New Breakthrough May Halt LB Dementia

New Breakthrough May Halt LB Dementia

A new drugs discovery has been found that could stop one of the most common types of dementia. An article in Tuesday’s Daily Mail states that:

‘New drugs for one of the most common types of dementia could be on the horizon after scientists discovered how it spreads.

The drugs could stop it 'in its tracks' by targeting a key chemical called alpha-synuclein, according to researchers. The rogue protein is one of four types believed to be behind the devastating neurological disorder. It disrupts brain cells in dementia with Lewy bodies - also known as DLB that is progressive and gets worse over time.

Brain tissue from people who died from it showed the protein builds up in vital parts of neurons that connect cells. These may jump from one cell to another through these connections, say the international team led by Edinburgh University.

The findings shed light on the causes of DLB and will help to speed up the search for a treatment, they say. It is the third most common form of dementia after Alzheimer's and vascular dementias and affects around 100,000 people in the UK. It can cause severe memory loss as well as movement problems. There is currently no cure.
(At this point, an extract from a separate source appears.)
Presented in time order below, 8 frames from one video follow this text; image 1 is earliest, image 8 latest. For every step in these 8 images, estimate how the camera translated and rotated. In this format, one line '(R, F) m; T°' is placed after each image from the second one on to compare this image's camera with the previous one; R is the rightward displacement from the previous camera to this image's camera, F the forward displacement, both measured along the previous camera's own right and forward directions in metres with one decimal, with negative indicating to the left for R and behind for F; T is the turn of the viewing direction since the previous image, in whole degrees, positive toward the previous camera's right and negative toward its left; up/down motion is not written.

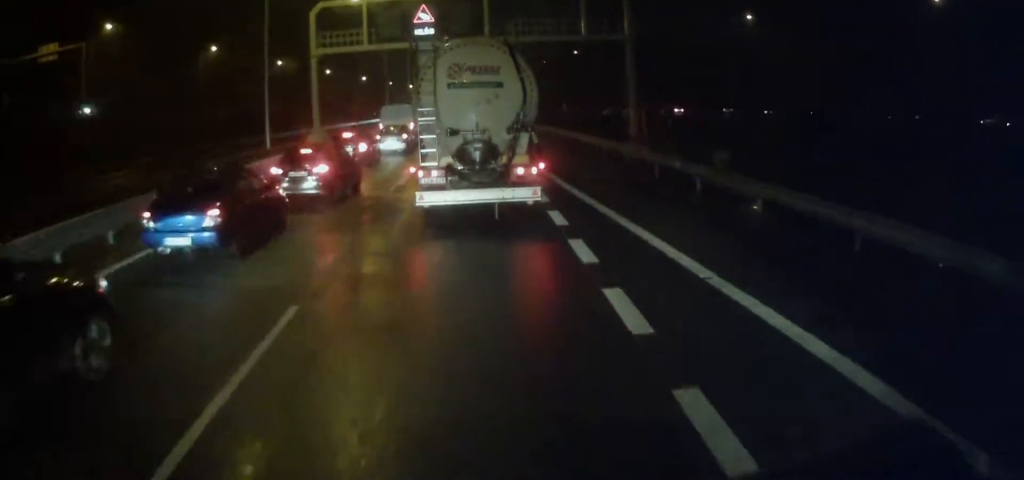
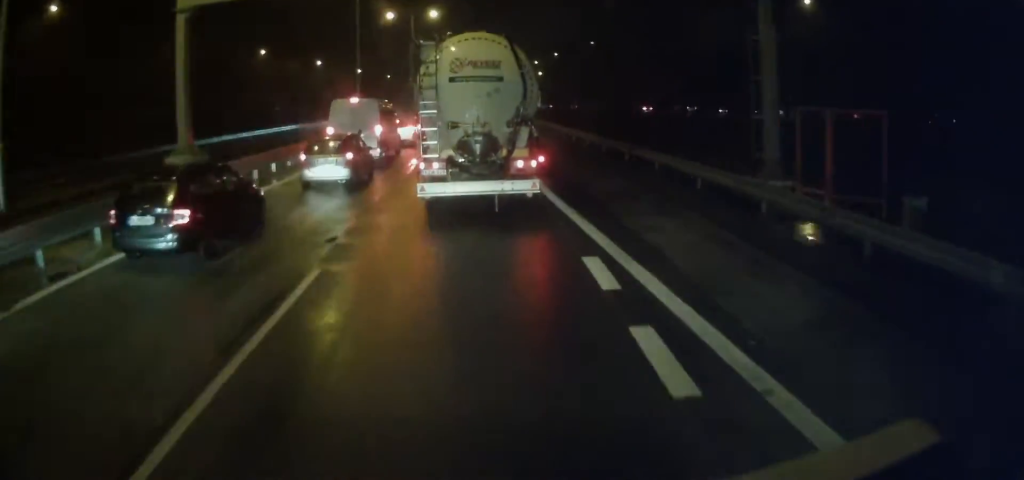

Study co-leader Professor Tara Spires-Jones, who heads up the UK Dementia Research Institute at Edinburgh University, said: 'DLB is a devastating condition. Our findings suggest it's at least partly driven by damage to synapses’.
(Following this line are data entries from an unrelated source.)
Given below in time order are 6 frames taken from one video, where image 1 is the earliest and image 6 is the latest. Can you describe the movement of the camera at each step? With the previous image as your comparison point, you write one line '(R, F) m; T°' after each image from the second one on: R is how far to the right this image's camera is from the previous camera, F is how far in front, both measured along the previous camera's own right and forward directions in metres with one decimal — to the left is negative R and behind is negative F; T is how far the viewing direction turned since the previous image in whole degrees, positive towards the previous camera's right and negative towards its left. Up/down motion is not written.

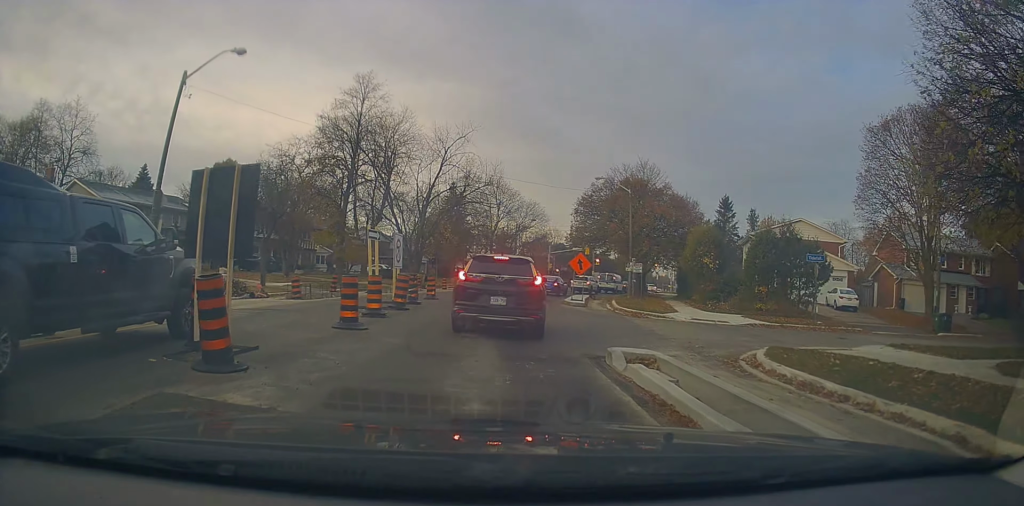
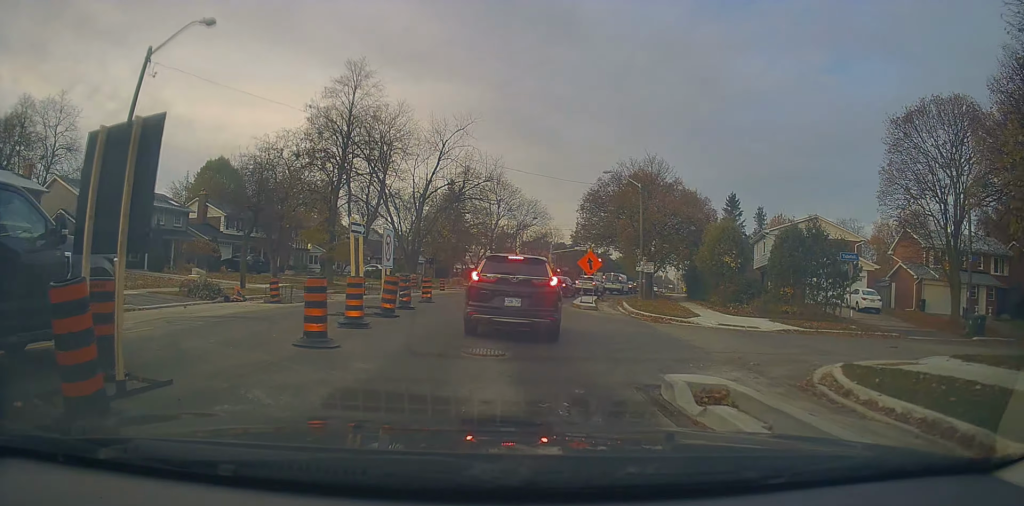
(0.0, +2.8) m; -1°
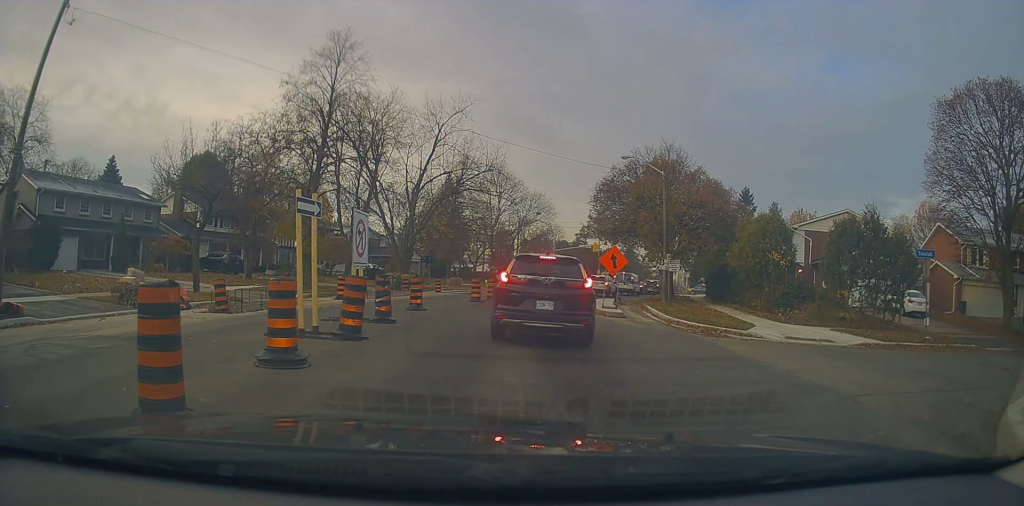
(-0.1, +5.1) m; +1°
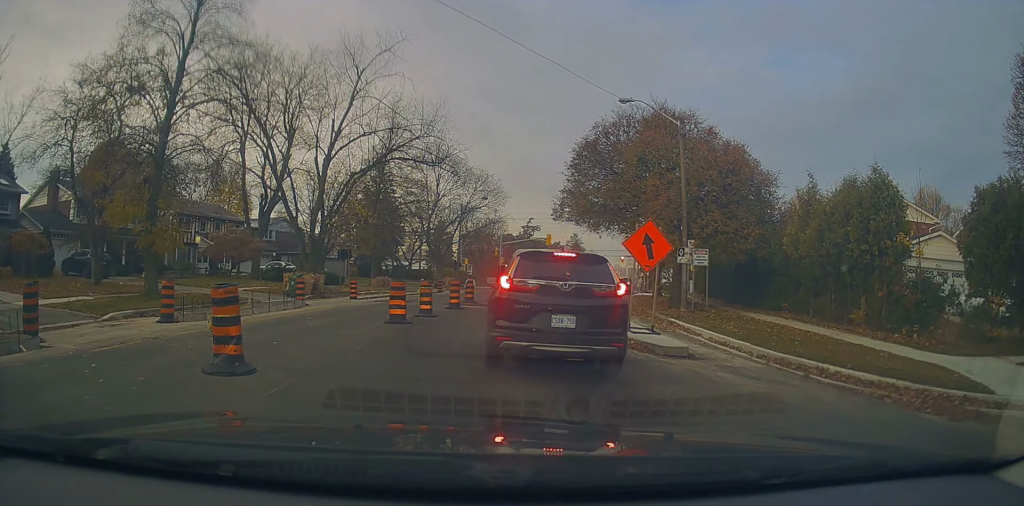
(+0.7, +13.3) m; +12°
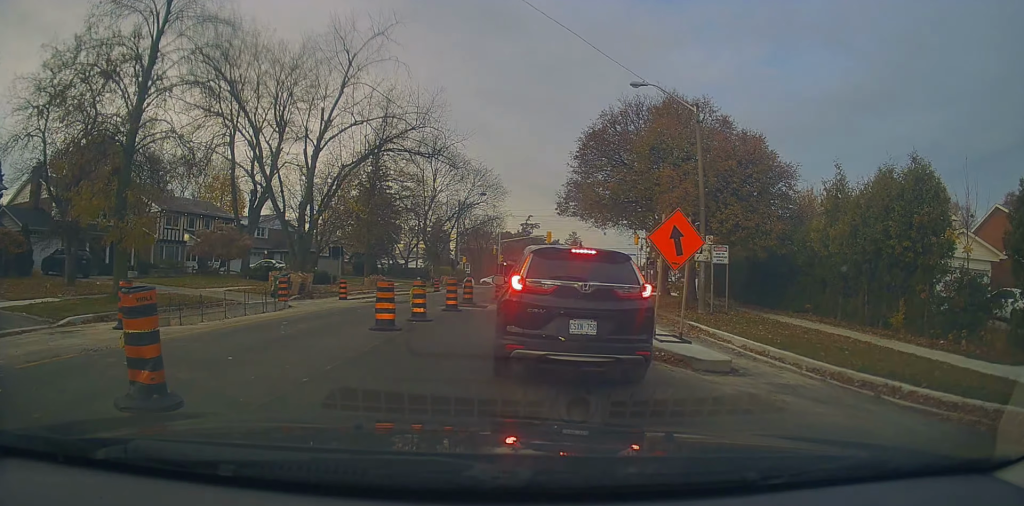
(+0.4, +2.7) m; +5°
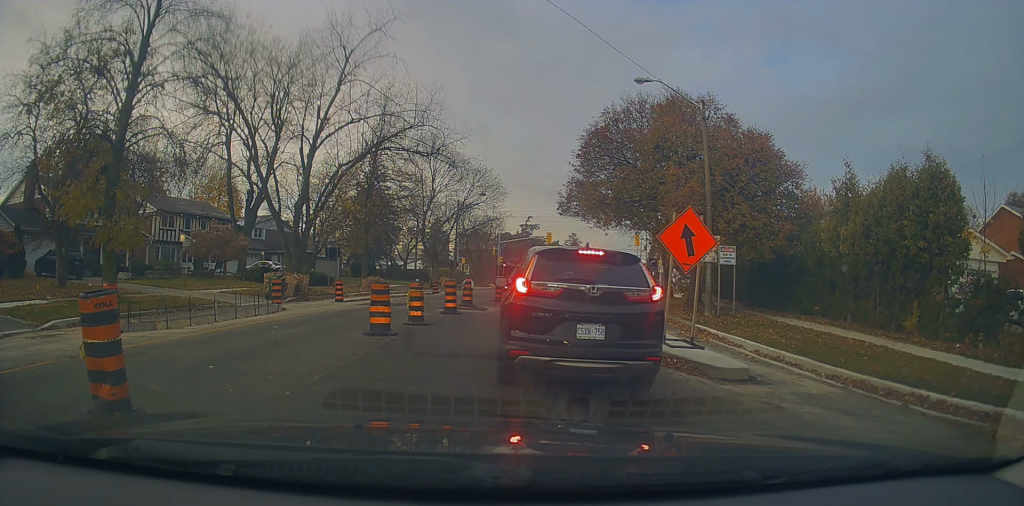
(+0.1, +2.2) m; 0°

'These discoveries should invigorate the search for therapies aimed at reducing synaptic damage and open the possibility of targeting the spread of alpha-synuclein through the brain - which could stop disease progression in its tracks.' 

Her researchers - which included colleagues in Spain - showed synapses in five people who had died with DLB contained clumps of the damaging alpha-synuclein - which could contribute to symptoms.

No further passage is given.